We decide on the significance \(p_{\rm crit} = 0.05\).

Important conceptual question

\(p_{\rm crit}\) and \(p_h\) are both probabilities. Explain what they are the probabilities of and how they are different.

We need to find the probability of getting data at least as extreme as \(D = \{R \text{ heads}, N \text{ tosses}\}\). For our example, that means adding up the binomial probabilities for \(R = 14, 15, \ldots, 20\), which is 0.058. (This is called a “one-tailed test”. If we wanted to consider deviations favoring tails as well, we would would add as well the probabilities for \(R = 0, 1, \ldots, 6\), so \(0.115\) in total. This would be a “two-tailed test”.) Comparing to \(p_{\rm crit} = 0.05\), we find the p-value is greater than \(p_{\rm crit}\), so the null hypothesis is not rejected at the 95% level. (Note that we say “not rejected” as opposed to “accepted”.) If we had gotten 15 heads instead we would have rejected the null hypothesis. We emphasize that in this frequentist analysis, the data is random while \(p_h\) is fixed (although unknown).

Exercise

Verify that if we had gotten 15 heads in \(N=20\) tosses that we would have rejected the null hypothesis.

Bayesian credible intervals and frequentist confidence intervals#

We already commented on the difference between the 68% degree of belief interval for the most likely value (in that case the bias weighting of the coin) and a frequentist \(1 \sigma\) confidence interval. Here are some additional comments.

The first point is that \(1 \sigma=68\)% assumes a Gaussian distribution around the maximum of the posterior (cf. above). While this will often work out okay, it may not. And, as we seek to translate \(n \sigma\) intervals into DoB statements, assuming a Gaussian becomes more and more questionable the higher \(n\) is. (Why?)

But the second point is more philosophical (meta-statistical?). One interval is a statement about \(p(x|D,I)\), while the other is a statement about \(p(D|x,I)\). (Note that because the conversion between the two PDFs requires the use of Bayes’ theorem, the Bayesian interval may be affected by the choice of the prior.)

The Bayesian version of a confidence interval is easy; a 68% credible interval or degree-of-belief (DoB) interval is: given some data and some information \(I\), there is a 68% chance (probability) that the interval contains the true parameter.

On the other hand, the frequentist 68% confidence interval is trickier: assuming the model (contained in \(I\)) and the value of the parameter \(x\), then if we do the experiment a large number of times then 68% of them will produce data in that interval.

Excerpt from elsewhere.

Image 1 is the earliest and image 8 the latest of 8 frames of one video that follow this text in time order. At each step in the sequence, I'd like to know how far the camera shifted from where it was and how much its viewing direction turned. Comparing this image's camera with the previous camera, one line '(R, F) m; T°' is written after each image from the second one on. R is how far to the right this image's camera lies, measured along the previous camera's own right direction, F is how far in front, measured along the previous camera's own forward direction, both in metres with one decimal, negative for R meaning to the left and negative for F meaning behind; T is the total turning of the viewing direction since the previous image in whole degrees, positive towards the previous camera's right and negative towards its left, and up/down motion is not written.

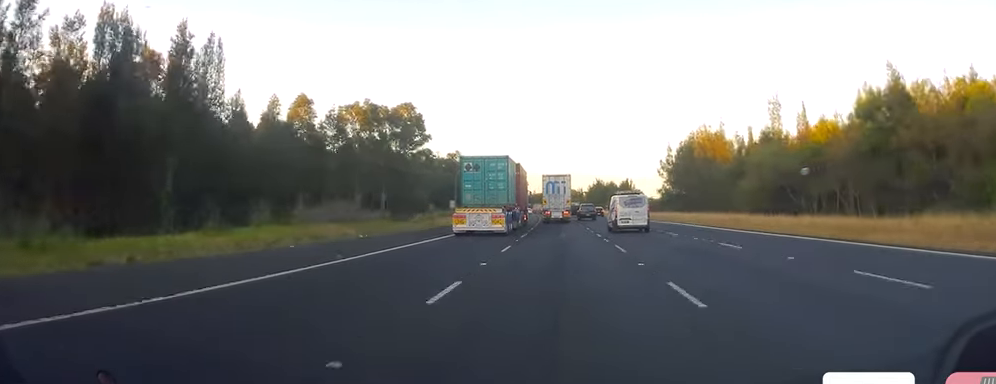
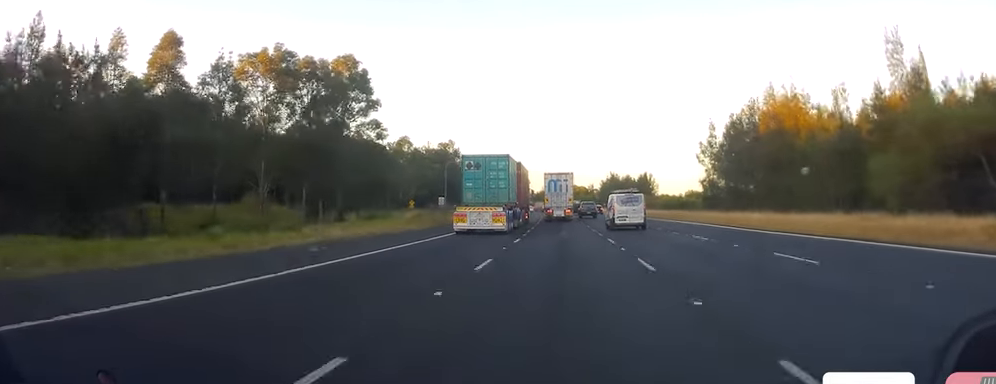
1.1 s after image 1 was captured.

So the parameter is fixed (no PDF) and the confidence interval is a statement about data. Frequentists will try to make statements about parameters, but they end up a bit tangled, e.g., “There is a 68% probability that when I compute a confidence interval from data of this sort that the true value of \(\theta\) will fall within the (hypothetical) space of observations.”

For a one-dimensional posterior that is symmetric, it is clear how to define the \(d\%\) confidence interval. The algorithm is: start from the center, step outward on both sides, stop when \(d\%\) is enclosed. For a two-dimensional posterior, we need a way to integrate from the top. (One approach is to lower a plane, as described below for HPD.)

What if the distribution is asymmetic or multimodal? Here are two possible choices.

Equal-tailed interval (or central interval): define the boundaries of the interval so that the area above and below the interval are equal.
Highest posterior density (HPD) region: the posterior density for every point is higher than the posterior density for any point outside the interval. E.g., lower a horizontal line over the distribution until the desired interval percentage is covered by regions where the distribution is above the line.